例1B:製造した細胞の評価とその細胞の使用(細胞品質管理リリース)
【0083】
製造工程で製造された細胞は、DNMT3A、TET2、ASXL1、PPM1D、JAK2、TP53、SRSF2、KRASおよび/またはSF3B1の配列ベースまたは構造ベースの欠陥を特定するためにスクリーニングされ得る。 スクリーニングの終了後、体細胞変異などの配列ベースまたは構造ベースの欠陥を示さない製造細胞が選択される。 そして、選択された製造細胞は、それを必要とする患者に投与され得る。 しかし、スクリーンの完了時に、配列ベース又は構造ベースの欠陥を示さない、すなわち、少なくとも1つの欠陥を示す製造細胞が特定されない場合、それらの細胞は患者に送達されないであろう。 製造された細胞の種類や治療される疾患に応じて、製造された細胞クローンの欠陥は、あらかじめ決められた失敗の閾値を通過するかどうかを決定するために評価され得る。 失敗の閾値を設定するための考慮事項としては、疾患の重篤度、患者へのリスク、代替治療法の利用可能性などが挙げられる。 例えば、特定の遺伝子の欠陥は腫瘍形成効果を有する場合があり、他の遺伝子の欠陥は、疾患を引き起こす変異の蓄積のリスクに対して増大した影響を示す場合がある。
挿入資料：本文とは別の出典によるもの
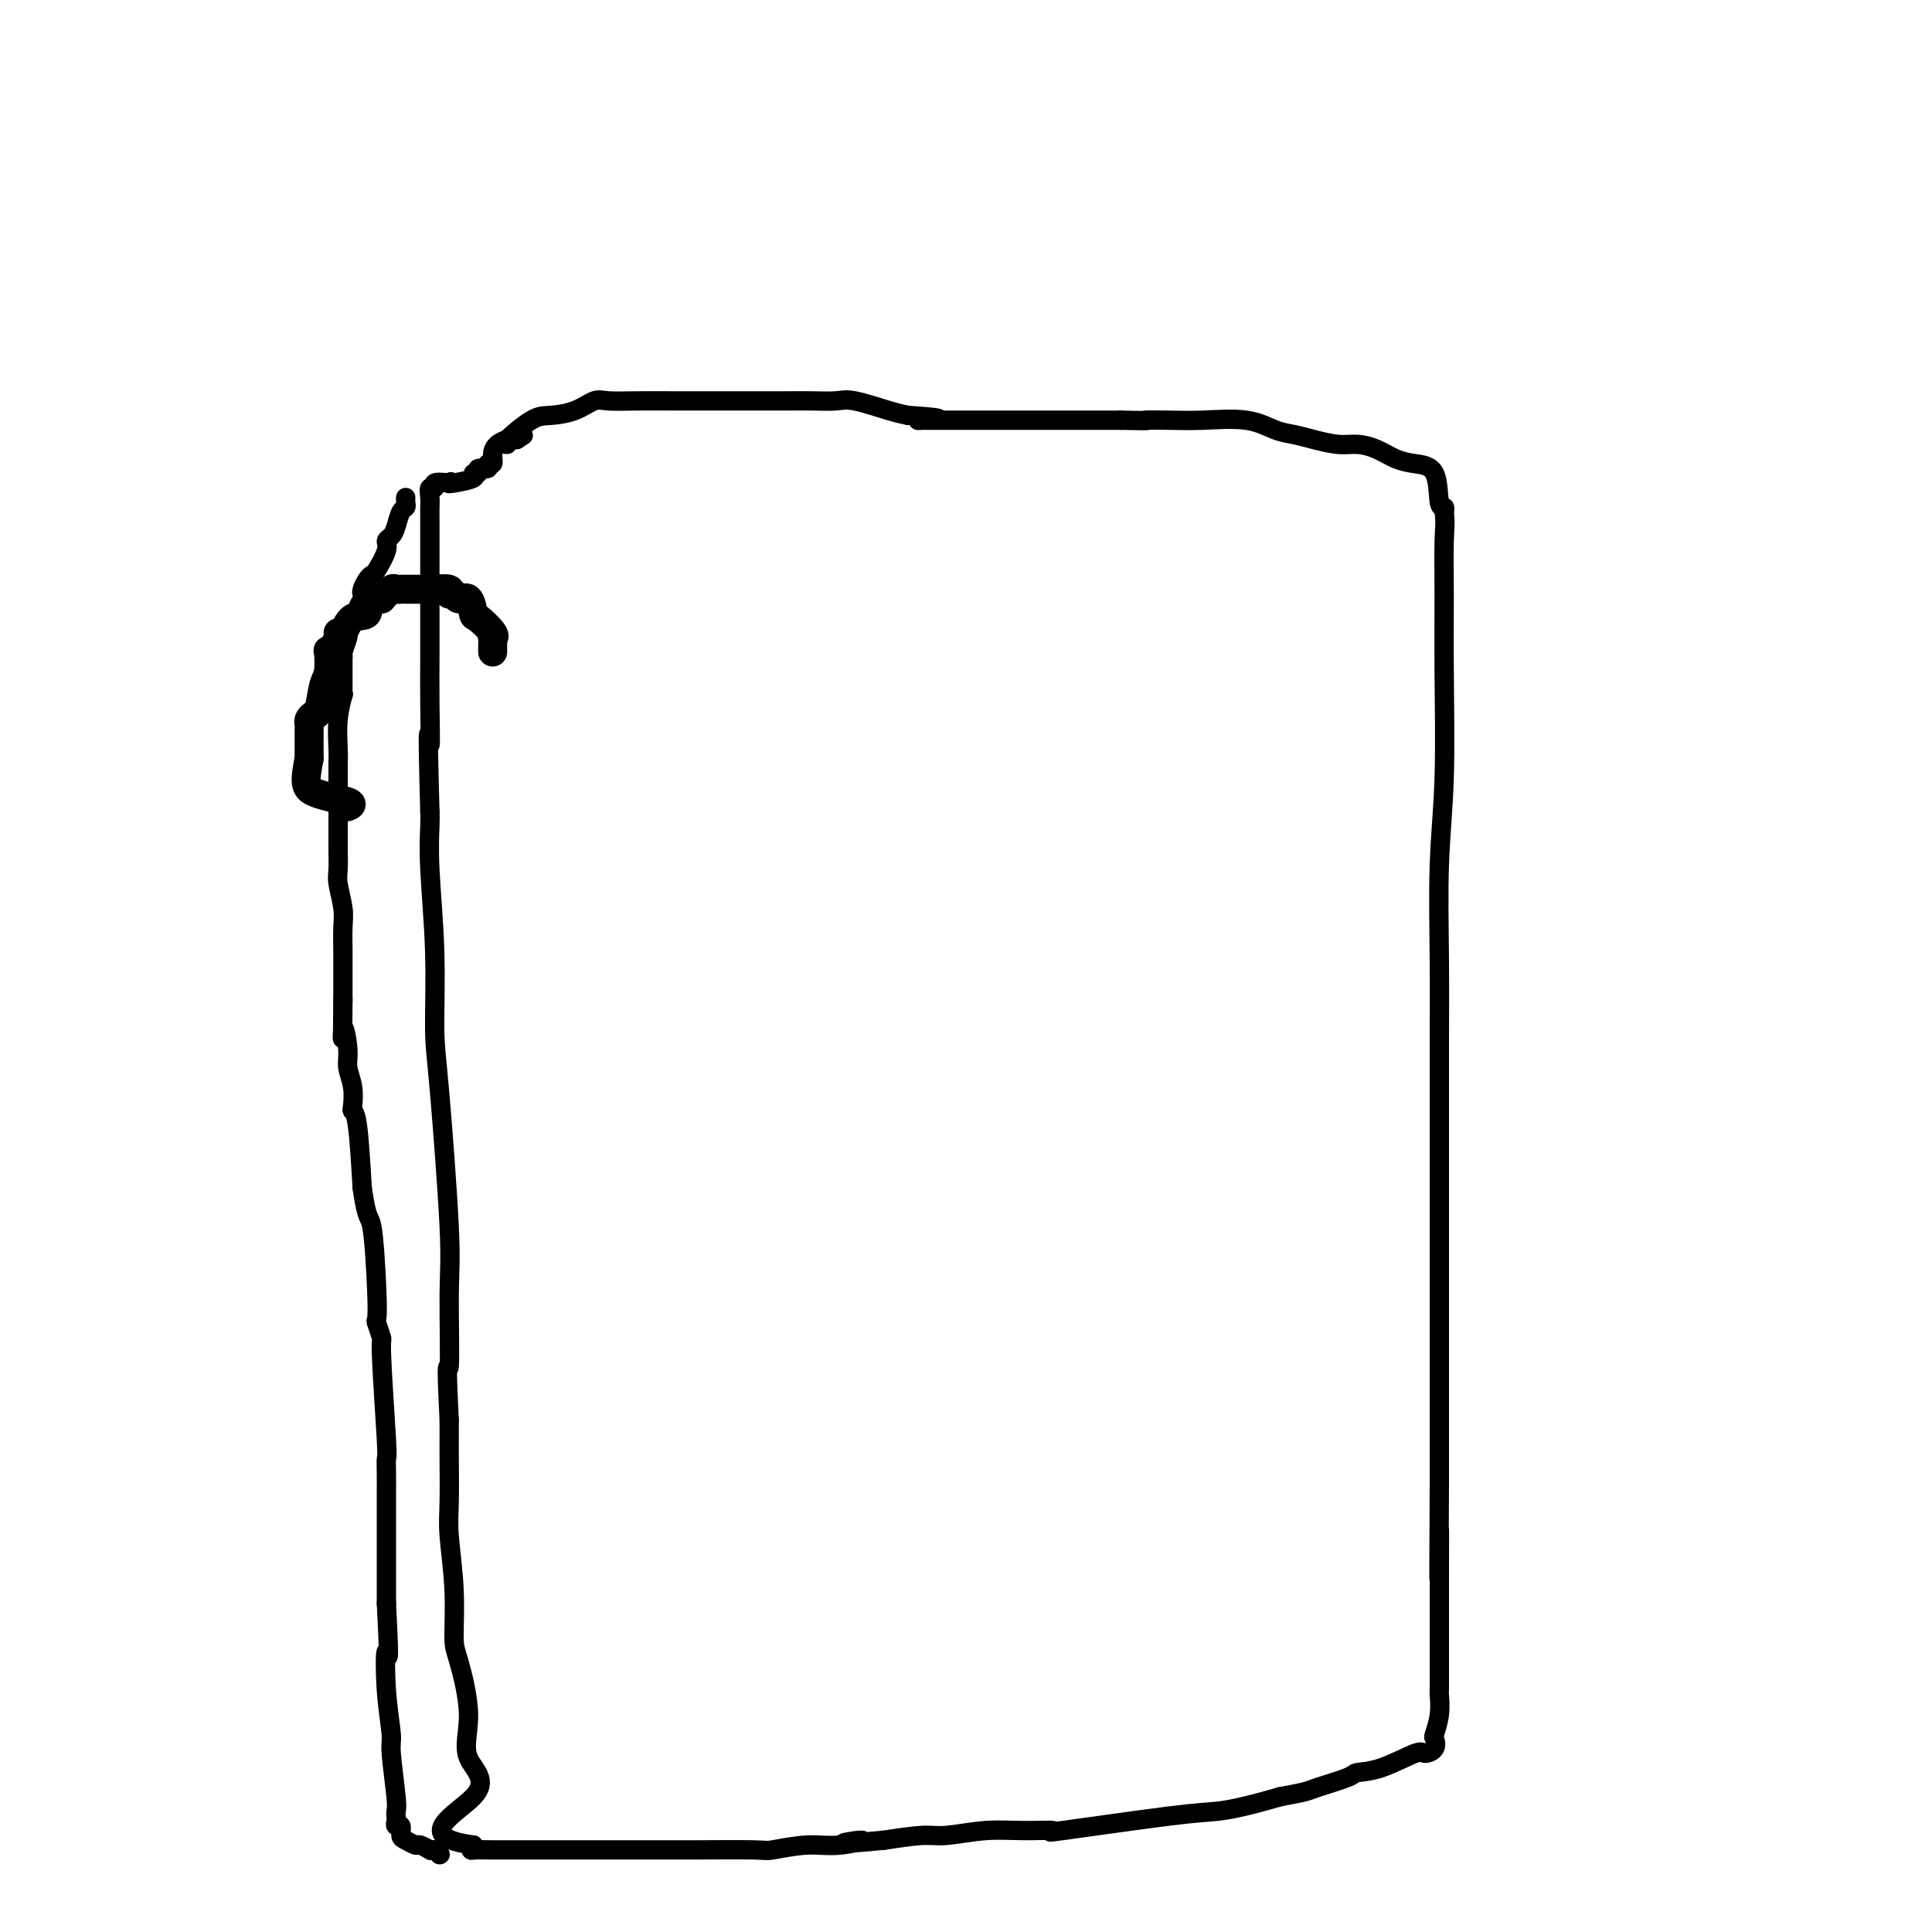 <svg viewBox='0 0 400 400' version='1.1' xmlns='http://www.w3.org/2000/svg' xmlns:xlink='http://www.w3.org/1999/xlink'><g fill='none' stroke='#000000' stroke-width='4' stroke-linecap='round' stroke-linejoin='round'><path d='M105,92c-0.478,0.004 -0.956,0.008 0,-1c0.956,-1.008 3.345,-3.026 5,-4c1.655,-0.974 2.575,-0.902 4,-1c1.425,-0.098 3.354,-0.366 5,-1c1.646,-0.634 3.008,-1.634 4,-2c0.992,-0.366 1.612,-0.098 3,0c1.388,0.098 3.544,0.026 6,0c2.456,-0.026 5.213,-0.007 7,0c1.787,0.007 2.603,0.002 4,0c1.397,-0.002 3.376,-0.001 5,0c1.624,0.001 2.893,0.001 4,0c1.107,-0.001 2.053,-0.002 4,0c1.947,0.002 4.895,0.007 7,0c2.105,-0.007 3.368,-0.027 5,0c1.632,0.027 3.633,0.100 5,0c1.367,-0.100 2.099,-0.373 4,0c1.901,0.373 4.972,1.392 7,2c2.028,0.608 3.014,0.804 4,1'/><path d='M188,86c10.725,0.691 5.038,0.917 3,1c-2.038,0.083 -0.425,0.022 0,0c0.425,-0.022 -0.336,-0.006 1,0c1.336,0.006 4.770,0.002 7,0c2.230,-0.002 3.256,-0.000 6,0c2.744,0.000 7.208,0.000 10,0c2.792,-0.000 3.913,-0.000 5,0c1.087,0.000 2.139,0.000 3,0c0.861,-0.000 1.532,-0.000 3,0c1.468,0.000 3.734,0.000 6,0'/><path d='M232,87c7.716,0.157 5.008,0.049 5,0c-0.008,-0.049 2.686,-0.038 5,0c2.314,0.038 4.249,0.104 7,0c2.751,-0.104 6.318,-0.378 9,0c2.682,0.378 4.478,1.407 6,2c1.522,0.593 2.770,0.749 4,1c1.230,0.251 2.443,0.596 4,1c1.557,0.404 3.458,0.868 5,1c1.542,0.132 2.725,-0.068 4,0c1.275,0.068 2.642,0.404 4,1c1.358,0.596 2.707,1.451 4,2c1.293,0.549 2.529,0.791 4,1c1.471,0.209 3.178,0.386 4,2c0.822,1.614 0.760,4.665 1,6c0.240,1.335 0.783,0.953 1,1c0.217,0.047 0.109,0.524 0,1'/><path d='M299,106c0.308,2.109 0.079,3.383 0,6c-0.079,2.617 -0.007,6.579 0,11c0.007,4.421 -0.051,9.302 0,16c0.051,6.698 0.210,15.212 0,22c-0.210,6.788 -0.788,11.851 -1,18c-0.212,6.149 -0.057,13.386 0,20c0.057,6.614 0.015,12.605 0,17c-0.015,4.395 -0.004,7.193 0,13c0.004,5.807 0.001,14.622 0,23c-0.001,8.378 -0.000,16.318 0,23c0.000,6.682 0.000,12.105 0,16c-0.000,3.895 -0.000,6.260 0,8c0.000,1.740 0.000,2.853 0,4c-0.000,1.147 -0.000,2.328 0,3c0.000,0.672 0.000,0.836 0,1'/><path d='M298,307c-0.155,33.141 -0.041,15.495 0,11c0.041,-4.495 0.011,4.163 0,9c-0.011,4.837 -0.003,5.853 0,8c0.003,2.147 0.001,5.423 0,7c-0.001,1.577 0.001,1.453 0,2c-0.001,0.547 -0.004,1.765 0,3c0.004,1.235 0.015,2.487 0,3c-0.015,0.513 -0.055,0.287 0,1c0.055,0.713 0.204,2.363 0,4c-0.204,1.637 -0.760,3.259 -1,4c-0.240,0.741 -0.163,0.601 0,1c0.163,0.399 0.411,1.336 0,2c-0.411,0.664 -1.481,1.056 -2,1c-0.519,-0.056 -0.485,-0.558 -2,0c-1.515,0.558 -4.578,2.177 -7,3c-2.422,0.823 -4.204,0.850 -5,1c-0.796,0.150 -0.605,0.422 -2,1c-1.395,0.578 -4.376,1.463 -6,2c-1.624,0.537 -1.893,0.725 -3,1c-1.107,0.275 -3.054,0.638 -5,1'/><path d='M265,372c-7.642,2.215 -10.747,2.751 -13,3c-2.253,0.249 -3.652,0.209 -10,1c-6.348,0.791 -17.643,2.412 -22,3c-4.357,0.588 -1.775,0.143 -2,0c-0.225,-0.143 -3.256,0.017 -6,0c-2.744,-0.017 -5.199,-0.211 -8,0c-2.801,0.211 -5.946,0.826 -8,1c-2.054,0.174 -3.015,-0.093 -5,0c-1.985,0.093 -4.992,0.547 -8,1'/><path d='M183,381c-13.660,1.327 -6.809,0.145 -5,0c1.809,-0.145 -1.424,0.746 -4,1c-2.576,0.254 -4.496,-0.128 -7,0c-2.504,0.128 -5.593,0.766 -7,1c-1.407,0.234 -1.131,0.063 -4,0c-2.869,-0.063 -8.884,-0.017 -12,0c-3.116,0.017 -3.333,0.004 -5,0c-1.667,-0.004 -4.785,-0.001 -7,0c-2.215,0.001 -3.529,0.000 -5,0c-1.471,-0.000 -3.099,-0.000 -5,0c-1.901,0.000 -4.075,0.000 -6,0c-1.925,-0.000 -3.603,-0.000 -5,0c-1.397,0.000 -2.514,0.001 -4,0c-1.486,-0.001 -3.340,-0.003 -4,0c-0.660,0.003 -0.125,0.011 -1,0c-0.875,-0.011 -3.159,-0.041 -4,0c-0.841,0.041 -0.240,0.155 0,0c0.240,-0.155 0.120,-0.577 0,-1'/><path d='M98,382c-13.081,-1.727 -3.285,-6.543 0,-10c3.285,-3.457 0.058,-5.553 -1,-8c-1.058,-2.447 0.052,-5.245 0,-9c-0.052,-3.755 -1.268,-8.467 -2,-11c-0.732,-2.533 -0.981,-2.887 -1,-5c-0.019,-2.113 0.191,-5.985 0,-10c-0.191,-4.015 -0.783,-8.174 -1,-11c-0.217,-2.826 -0.058,-4.321 0,-7c0.058,-2.679 0.016,-6.543 0,-9c-0.016,-2.457 -0.004,-3.508 0,-4c0.004,-0.492 0.001,-0.426 0,-1c-0.001,-0.574 -0.001,-1.787 0,-3'/><path d='M93,294c-0.766,-15.312 -0.181,-9.591 0,-11c0.181,-1.409 -0.041,-9.946 0,-15c0.041,-5.054 0.347,-6.624 0,-14c-0.347,-7.376 -1.347,-20.557 -2,-28c-0.653,-7.443 -0.960,-9.149 -1,-13c-0.040,-3.851 0.185,-9.847 0,-16c-0.185,-6.153 -0.781,-12.464 -1,-17c-0.219,-4.536 -0.063,-7.296 0,-9c0.063,-1.704 0.031,-2.352 0,-3'/><path d='M89,168c-0.619,-22.322 -0.166,-15.128 0,-14c0.166,1.128 0.044,-3.810 0,-8c-0.044,-4.190 -0.012,-7.633 0,-10c0.012,-2.367 0.003,-3.660 0,-6c-0.003,-2.340 -0.001,-5.729 0,-8c0.001,-2.271 0.000,-3.424 0,-4c-0.000,-0.576 0.000,-0.577 0,-2c-0.000,-1.423 -0.001,-4.270 0,-6c0.001,-1.730 0.005,-2.343 0,-3c-0.005,-0.657 -0.018,-1.357 0,-2c0.018,-0.643 0.065,-1.230 0,-2c-0.065,-0.770 -0.244,-1.722 0,-2c0.244,-0.278 0.912,0.117 1,0c0.088,-0.117 -0.403,-0.748 0,-1c0.403,-0.252 1.702,-0.126 3,0'/><path d='M93,100c0.625,-0.476 0.186,-0.165 0,0c-0.186,0.165 -0.119,0.184 1,0c1.119,-0.184 3.288,-0.570 4,-1c0.712,-0.430 -0.035,-0.904 0,-1c0.035,-0.096 0.850,0.186 1,0c0.150,-0.186 -0.367,-0.840 0,-1c0.367,-0.160 1.617,0.175 2,0c0.383,-0.175 -0.101,-0.860 0,-1c0.101,-0.140 0.786,0.264 1,0c0.214,-0.264 -0.044,-1.195 0,-2c0.044,-0.805 0.390,-1.484 1,-2c0.610,-0.516 1.483,-0.870 2,-1c0.517,-0.130 0.678,-0.035 1,0c0.322,0.035 0.806,0.010 1,0c0.194,-0.010 0.097,-0.005 0,0'/><path d='M107,91c2.333,-1.500 1.167,-0.750 0,0'/><path d='M84,103c-0.024,0.319 -0.047,0.639 0,1c0.047,0.361 0.166,0.765 0,1c-0.166,0.235 -0.617,0.301 -1,1c-0.383,0.699 -0.698,2.030 -1,3c-0.302,0.970 -0.592,1.580 -1,2c-0.408,0.420 -0.935,0.650 -1,1c-0.065,0.350 0.333,0.818 0,2c-0.333,1.182 -1.396,3.076 -2,4c-0.604,0.924 -0.749,0.876 -1,1c-0.251,0.124 -0.607,0.418 -1,1c-0.393,0.582 -0.823,1.452 -1,2c-0.177,0.548 -0.103,0.775 0,1c0.103,0.225 0.234,0.450 0,1c-0.234,0.550 -0.832,1.427 -1,2c-0.168,0.573 0.095,0.843 0,1c-0.095,0.157 -0.548,0.199 -1,1c-0.452,0.801 -0.905,2.359 -1,3c-0.095,0.641 0.167,0.365 0,1c-0.167,0.635 -0.762,2.181 -1,3c-0.238,0.819 -0.119,0.909 0,1'/><path d='M71,135c-0.000,0.207 -0.000,0.414 0,1c0.000,0.586 0.001,1.551 0,2c-0.001,0.449 -0.004,0.383 0,1c0.004,0.617 0.015,1.919 0,3c-0.015,1.081 -0.057,1.941 0,2c0.057,0.059 0.211,-0.683 0,0c-0.211,0.683 -0.789,2.792 -1,5c-0.211,2.208 -0.057,4.515 0,6c0.057,1.485 0.015,2.147 0,3c-0.015,0.853 -0.004,1.898 0,3c0.004,1.102 0.000,2.260 0,4c-0.000,1.740 0.004,4.062 0,6c-0.004,1.938 -0.015,3.493 0,5c0.015,1.507 0.057,2.967 0,4c-0.057,1.033 -0.211,1.640 0,3c0.211,1.360 0.789,3.473 1,5c0.211,1.527 0.057,2.467 0,4c-0.057,1.533 -0.015,3.658 0,5c0.015,1.342 0.004,1.900 0,3c-0.004,1.100 -0.001,2.743 0,4c0.001,1.257 0.001,2.129 0,3'/><path d='M71,207c-0.065,12.307 -0.227,7.073 0,6c0.227,-1.073 0.845,2.013 1,4c0.155,1.987 -0.152,2.874 0,4c0.152,1.126 0.762,2.492 1,4c0.238,1.508 0.105,3.157 0,4c-0.105,0.843 -0.182,0.881 0,1c0.182,0.119 0.623,0.320 1,3c0.377,2.680 0.688,7.840 1,13'/><path d='M75,246c1.012,7.153 1.543,5.536 2,8c0.457,2.464 0.839,9.009 1,13c0.161,3.991 0.099,5.428 0,6c-0.099,0.572 -0.237,0.281 0,1c0.237,0.719 0.848,2.450 1,3c0.152,0.550 -0.155,-0.080 0,4c0.155,4.080 0.774,12.869 1,17c0.226,4.131 0.061,3.605 0,4c-0.061,0.395 -0.016,1.713 0,3c0.016,1.287 0.004,2.544 0,5c-0.004,2.456 -0.001,6.110 0,8c0.001,1.890 0.000,2.015 0,3c-0.000,0.985 -0.000,2.830 0,4c0.000,1.170 0.000,1.664 0,2c-0.000,0.336 -0.000,0.514 0,1c0.000,0.486 0.000,1.282 0,2c-0.000,0.718 -0.000,1.359 0,2'/><path d='M80,332c0.791,15.222 0.268,10.278 0,10c-0.268,-0.278 -0.282,4.111 0,8c0.282,3.889 0.860,7.280 1,9c0.140,1.720 -0.158,1.770 0,4c0.158,2.230 0.773,6.640 1,9c0.227,2.360 0.065,2.669 0,3c-0.065,0.331 -0.032,0.684 0,1c0.032,0.316 0.063,0.595 0,1c-0.063,0.405 -0.220,0.936 0,1c0.220,0.064 0.817,-0.338 1,0c0.183,0.338 -0.048,1.415 0,2c0.048,0.585 0.376,0.679 1,1c0.624,0.321 1.543,0.871 2,1c0.457,0.129 0.452,-0.161 1,0c0.548,0.161 1.647,0.774 2,1c0.353,0.226 -0.042,0.065 0,0c0.042,-0.065 0.521,-0.032 1,0'/><path d='M90,383c1.467,1.000 1.133,1.000 1,1c-0.133,-0.000 -0.067,0.000 0,0'/></g>
<g fill='none' stroke='#000000' stroke-width='6' stroke-linecap='round' stroke-linejoin='round'><path d='M102,135c-0.006,-0.194 -0.012,-0.389 0,-1c0.012,-0.611 0.042,-1.639 0,-2c-0.042,-0.361 -0.157,-0.056 0,0c0.157,0.056 0.585,-0.138 0,-1c-0.585,-0.862 -2.184,-2.393 -3,-3c-0.816,-0.607 -0.850,-0.291 -1,-1c-0.150,-0.709 -0.415,-2.442 -1,-3c-0.585,-0.558 -1.488,0.061 -2,0c-0.512,-0.061 -0.633,-0.801 -1,-1c-0.367,-0.199 -0.980,0.143 -1,0c-0.020,-0.143 0.552,-0.770 0,-1c-0.552,-0.230 -2.228,-0.062 -3,0c-0.772,0.062 -0.641,0.016 -1,0c-0.359,-0.016 -1.210,-0.004 -2,0c-0.790,0.004 -1.520,-0.000 -2,0c-0.480,0.000 -0.709,0.006 -1,0c-0.291,-0.006 -0.645,-0.022 -1,0c-0.355,0.022 -0.711,0.083 -1,0c-0.289,-0.083 -0.511,-0.309 -1,0c-0.489,0.309 -1.244,1.155 -2,2'/><path d='M79,124c-3.310,0.667 -2.586,2.336 -3,3c-0.414,0.664 -1.967,0.324 -3,1c-1.033,0.676 -1.548,2.370 -2,3c-0.452,0.630 -0.843,0.198 -1,0c-0.157,-0.198 -0.081,-0.162 0,0c0.081,0.162 0.166,0.449 0,1c-0.166,0.551 -0.583,1.366 -1,2c-0.417,0.634 -0.833,1.088 -1,1c-0.167,-0.088 -0.086,-0.718 0,0c0.086,0.718 0.177,2.784 0,4c-0.177,1.216 -0.622,1.583 -1,3c-0.378,1.417 -0.690,3.884 -1,5c-0.310,1.116 -0.619,0.880 -1,1c-0.381,0.120 -0.834,0.596 -1,1c-0.166,0.404 -0.044,0.738 0,1c0.044,0.262 0.012,0.454 0,1c-0.012,0.546 -0.003,1.445 0,2c0.003,0.555 0.001,0.765 0,1c-0.001,0.235 -0.000,0.496 0,1c0.000,0.504 0.000,1.252 0,2'/><path d='M64,157c-0.971,5.038 -0.900,6.134 1,7c1.900,0.866 5.627,1.502 7,2c1.373,0.498 0.392,0.856 0,1c-0.392,0.144 -0.196,0.072 0,0'/></g>
</svg>

例1C:細胞の遺伝子操作により、欠陥が生じる可能性がある。
【0084】
体細胞は、PSCへのリプログラミングの前など、使用前に遺伝子工学的に操作される場合がある。 遺伝子操作の完了後、1つまたは複数のクローンを選択し、培養ウェルで単離し、完全なクローンコロニーを生成するために拡大し、DNMT3A、TET2、ASXL1、PPM1D、JAK2、TP53、SRSF2、KRASおよび/またはSF3B1の配列ベースまたは構造ベースの欠陥についてスクリーニングを行い得る。 スクリーニングが完了したら、細胞リプログラミングなどのさらなる操作に向けて、いかなる配列ベースまたは構造ベースの欠陥を示さなかった最善のクローン(複数)を選択する。 配列ベースまたは構造ベースの欠陥が確認された場合、体細胞の遺伝子編集の後のラウンドは、欠陥を制限し、プロセスを最適化するように変更することができる。 例えば、異なる遺伝子編集技術を使用する、クローニング培養および/または環境を変更する、などである。
【0085】
さらに、PSC細胞は、例えば、製造工程(例えば、分化)における使用前など、使用前に、疾患を引き起こす遺伝子欠損を修正するため、または遺伝子の機能的コピーを追加するために、遺伝子工学的に操作される場合がある。 他の例では、治療を必要とする対象から得られたPSC細胞は、疾患を引き起こす変異を修正するために遺伝子工学的に操作され得る。 遺伝子工学の完了後、1つまたは複数のクローンを選択し、培養ウェルで単離し、完全なクローンコロニーを生成するために拡大し、DNMT3A、TET2、ASXL1、PPM1D、JAK2、TP53、SRSF2、KRASおよび/またはSF3B1の配列ベースまたは構造ベースの欠陥についてスクリーニングを行い得る。 スクリーニングが完了したら、治療細胞への分化などのさらなる操作に向けて、いかなる配列ベースまたは構造ベースの欠陥を示さなかった最善のクローン(複数)を選択する。 配列ベースまたは構造ベースの欠陥が確認された場合、PSCsの遺伝子編集の後のラウンドは、欠陥を制限し、プロセスを最適化するように変更され得る。 例えば、異なる遺伝子編集技術を使用する、クローニング培養および/または環境を変更する、などである。
【0086】
さらに、分化した細胞は、それを必要とする被験者に投与する前など、使用前に遺伝子工学的に操作することができる。 遺伝子工学の完了後、1つまたは複数の細胞を選択し、培養ウェルで単離し、完全なクローンコロニーを生成するために拡大し、DNMT3A、TET2、ASXL1、PPM1D、JAK2、TP53、SRSF2、KRASおよび/またはSF3B1の配列ベースまたは構造ベースの欠陥についてスクリーニングを行い、スクリーニング完了後に、配列ベースまたは構造ベースの欠陥を示さない最善の細胞(複数)をさらなる操作またはそれらを必要とする患者への投与用に選択することがある。 配列ベースまたは構造ベースの欠陥が確認された場合、分化した細胞の遺伝子編集の後のラウンドは、欠陥を制限し、プロセスを最適化するように変更することができる。 例えば、異なる遺伝子編集技術を使用する、クローニング培養および/または環境を変更する、などである。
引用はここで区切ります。